Adsorption to polymer membranes
Previously we have studied protein adsorption to pnc-Si membranes by TEM and fluorescence. Neither of these methods will work with polymer membranes. Polymer membranes are too thick to view using TEM. Polymer membranes also autofluoresce creating a lot of noise while using our fluorescence method. Here I outline a new method of studying adsorption to polymer membranes.
As illustrated in the scheme above, I spun Microcons and Nanoseps with 1mg/mL BSA. These samples were spun at 14000g for 10min, as indicated in the manufacturer’s specs. After the spin I removed all of the retentate, and washed with dH2O. I then added 50uL of 1x Sample Buffer to the device. Sample Buffer is commonly used in protein gels to denature proteins. The idea is that in this case it will denature and lift the adsorbed proteins off the membrane. I allowed the sample to incubate for 1 hour, and then agitated it with my pipette and removed the Sample Buffer. I ran the Sample Buffer on a gel, see below.

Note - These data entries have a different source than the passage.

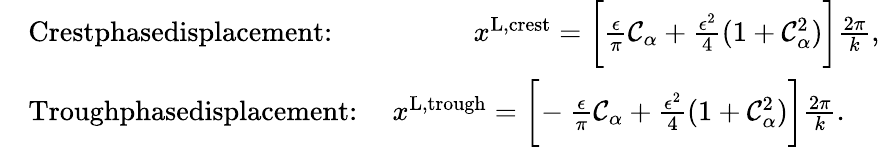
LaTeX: \begin{array}{rl}&{\textrm{Crestphasedisplacement:\, \, \, \, \, \, \, \, \, \, \, \, }x^{\textnormal{L,crest}}=\bigg[\frac{\epsilon}{\pi}\mathcal{C}_{\alpha}+\frac{\epsilon^{2}}{4}(1+\mathcal{C}_{\alpha}^{2})\bigg]\frac{2\pi}{k},}\\ &{\textrm{Troughphasedisplacement:\, \, \, }x^{\textnormal{L,trough}}=\bigg[\! -\frac{\epsilon}{\pi}\mathcal{C}_{\alpha}+\frac{\epsilon^{2}}{4}(1+\mathcal{C}_{\alpha}^{2})\bigg]\frac{2\pi}{k}.}\end{array}
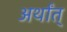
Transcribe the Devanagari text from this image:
अर्थांत्
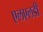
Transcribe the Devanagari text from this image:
एलएलडी
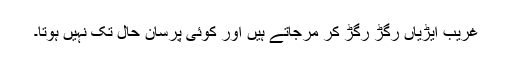
غریب ایڑیاں رگڑ رگڑ کر مرجاتے ہیں اور کوئی پُرسانِ حال تک نہیں ہوتا۔
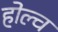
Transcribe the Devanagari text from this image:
होल्च
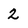
Character: 2
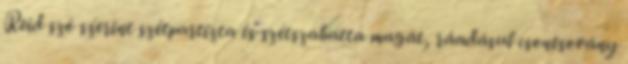
Reid szó szerint szétpartizta és szétszabatta magát, ráadásul csontsovány
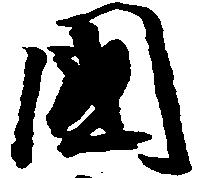
国
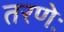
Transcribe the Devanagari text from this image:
तरणेः
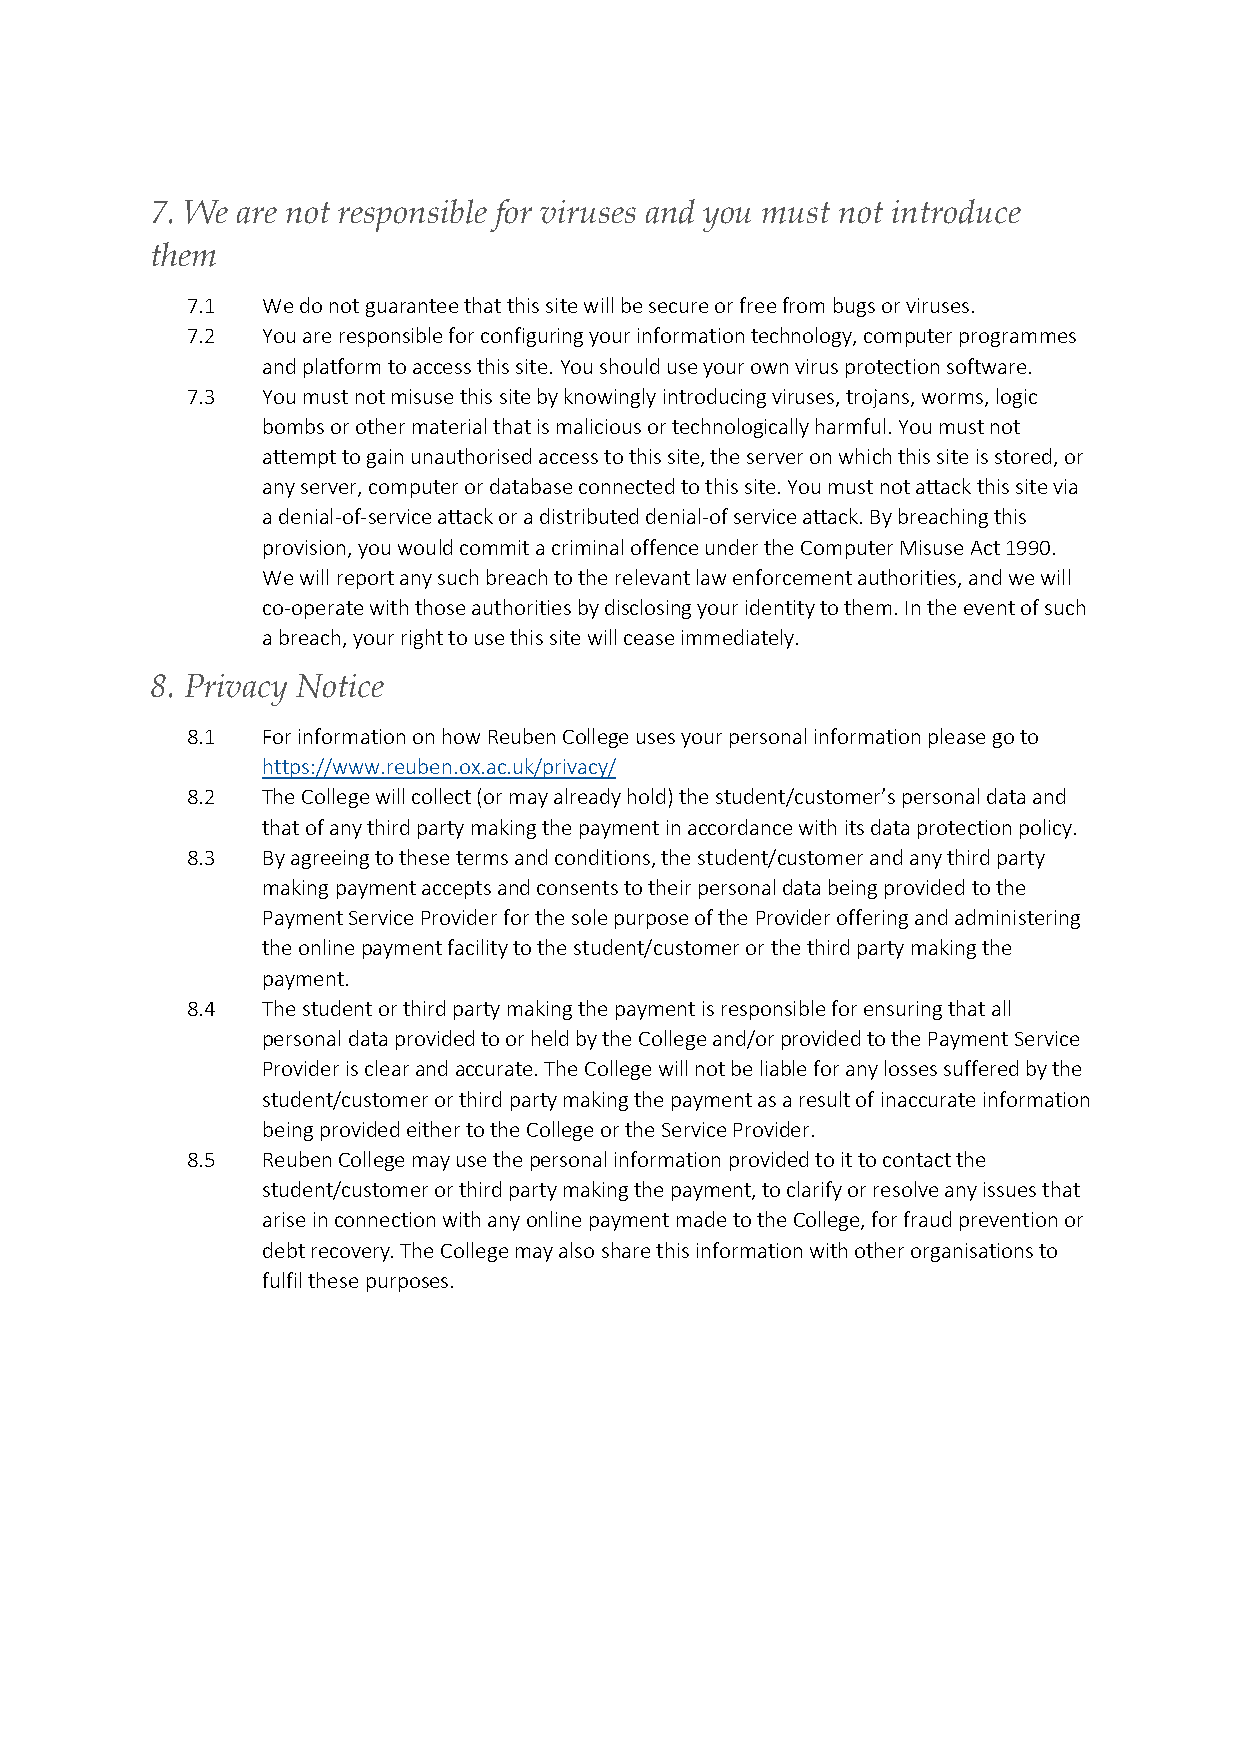
7. We are not responsible for viruses and you must not introduce
 them
 7.1  We do not guarantee that this site will be secure or free from bugs or viruses.
 7.2  You are responsible for configuring your information technology, computer programmes
 and platform to access this site. You should use your own virus protection software.
 7.3  You must not misuse this site by knowingly introducing viruses, trojans, worms, logic
 bombs or other material that is malicious or technologically harmful. You must not
 attempt to gain unauthorised access to this site, the server on which this site is stored, or
 any server, computer or database connected to this site. You must not attack this site via
 a denial-of-service attack or a distributed denial-of service attack. By breaching this
 provision, you would commit a criminal offence under the Computer Misuse Act 1990.
 We will report any such breach to the relevant law enforcement authorities, and we will
 co-operate with those authorities by disclosing your identity to them. In the event of such
 a breach, your right to use this site will cease immediately.
 8. Privacy Notice
 8.1  For information on how Reuben College uses your personal information please go to
 https://www.reuben.ox.ac.uk/privacy/
 8.2  The College will collect (or may already hold) the student/customer’s personal data and
 that of any third party making the payment in accordance with its data protection policy.
 8.3  By agreeing to these terms and conditions, the student/customer and any third party
 making payment accepts and consents to their personal data being provided to the
 Payment Service Provider for the sole purpose of the Provider offering and administering
 the online payment facility to the student/customer or the third party making the
 payment.
 8.4  The student or third party making the payment is responsible for ensuring that all
 personal data provided to or held by the College and/or provided to the Payment Service
 Provider is clear and accurate. The College will not be liable for any losses suffered by the
 student/customer or third party making the payment as a result of inaccurate information
 being provided either to the College or the Service Provider.
 8.5  Reuben College may use the personal information provided to it to contact the
 student/customer or third party making the payment, to clarify or resolve any issues that
 arise in connection with any online payment made to the College, for fraud prevention or
 debt recovery. The College may also share this information with other organisations to
 fulfil these purposes.

First off, this BSA sample isn’t incredibly pure, so there’s other bands in this gel besides BSA. We do see that even after a dH2O wash that there’s still a lot of protein remaining on the membranes. There’s a little less on the NanoSep 100k rather than the 30k, which might be due to the fact that more BSA is able to pass through. This isn’t necessarily the best way to view adsorption in these types of membranes, but it seems to work. Tom and I were also discussing the possibility of spinning the sample buffer a bit through the membrane in order to pick up some of the protein stuck more deeply within the polymer membrane, which isn’t necessarily an improvement on this method. One could also dissasemble the spin tube and immerse the membrane in sample buffer for a while, but there is the problem of dilution and detection so only a little sample buffer can be used.
The next step would be to see if we can get a similar picture with the pnc-Si membranes. There is the different surface areas to consider, but it might be possible to come up with a similar gel.
It gives us signal and so I think its the best way. Even if the measurement doesn’t capture all the protein lost to the membrane, the comparison to pnc-Si should be conservative and possibly dramatic. We don’t need perfect quantification if the differences are night/day.
I would have guessed that microcon cellulose would bind less protein the nanosep PES based on some discussion I had with Millipore. The difference may be related to better retention of protein behind the Millipore devices at the same size.
We have to wait for new material to compare to pnc-Si by convection, but we could do the passive adsorption relevant to diffusion with any shards of pnc-Si we have laying around the lab.
Good idea.
I was impressed with how easily this worked. Hopefully we can work out a good comparison with the pnc-Si.
Is there any way that this can be even semi-quantitative? If the adsorbed protein is less than 1%, I doubt anyone would care, so the comparison looses significance. If this is 5% or more of the total sample, then there is something to be said.
I think both manufacturers report retentate recovery of 99%, right? If we are seeing substantially more, we should contact tech support for more insight.